[Excerpts from a dataset]
####

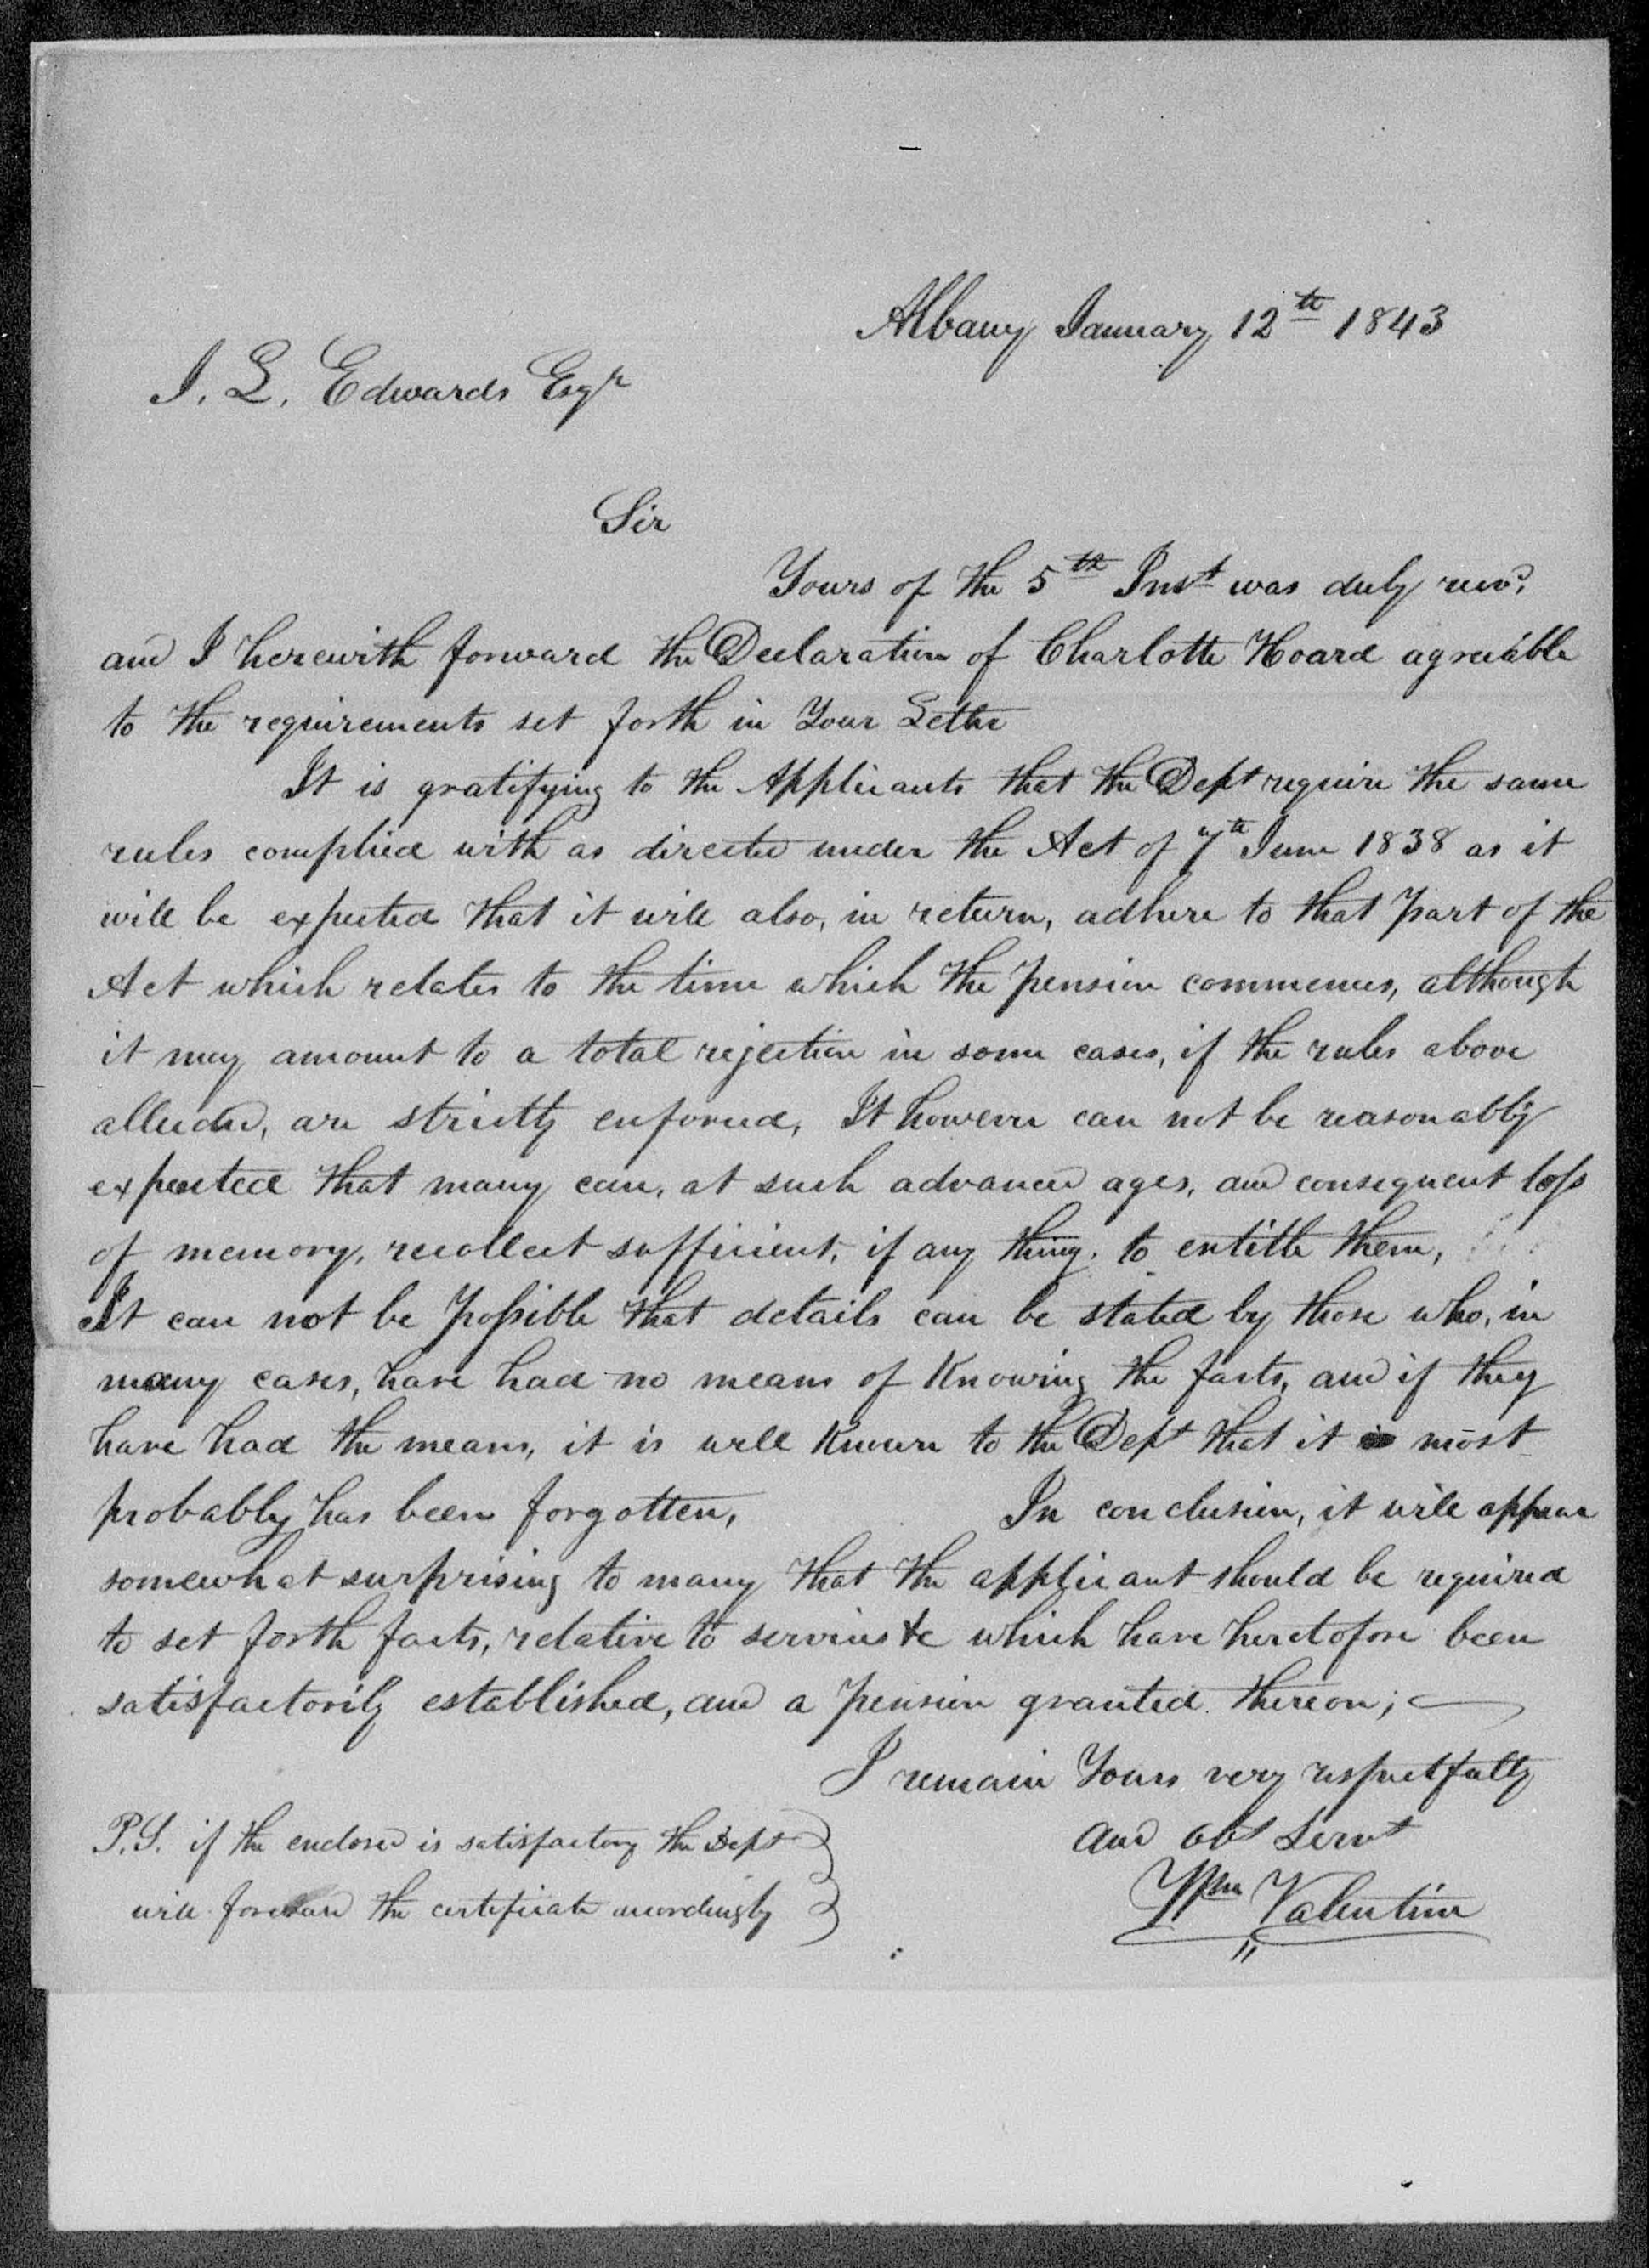Albany January 12th 1843 
J. L. Edwards Esqr 

Sir 

Yours of the 5th Inst instant] was duly recd and I herewith forward the Declaration of Charlotte Hoard agreeable to the requirements set forth in your Letter 

It is gratifying to the Applicant that the Dept require the same rules complied with as directed under the Act of 7th June 1838 as it will be expected that it will also in return, adhere to that part of the Act which relates to the time which the pension commences, although it may amount to a total rejection in some cases, if the rules above alluded, are strictly enforced. If however can not be reasonably expected that many can, at such advanced ages, and consequent loss of memory, recollect sufficient, if any thing to entitle them, It can not be possible that details can be stated by those who, in many cases, have had no means of knowing the facts, and if they have had the means, it is well known to the Dept that it is most probably has been forgotten, I

n conclusion, it will appear somewhat surprising to many that the applicant should be required to set forth facts, relative to services &c which have heretofore been satisfactorily established, and a pension granted thereon; - 
I remain Yours very respectfully 
an Obt Servt 
Wm Valentine (signature)

P.S. if the enclosed is satisfactory the Dept will forward the certificate accordingly }

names: Wm Valentine, Charlotte Hoard, J L Edwards
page: 31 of 52
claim: widow's
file: W 19755, Jonathan Hoard, Mass.

####

→ Problem to work on:
Begin at the line containing "P.S. if the" and reproduce every line through the last one in the records above, exactly.

→ Output below:
P.S. if the enclosed is satisfactory the Dept will forward the certificate accordingly }

names: Wm Valentine, Charlotte Hoard, J L Edwards
page: 31 of 52
claim: widow's
file: W 19755, Jonathan Hoard, Mass.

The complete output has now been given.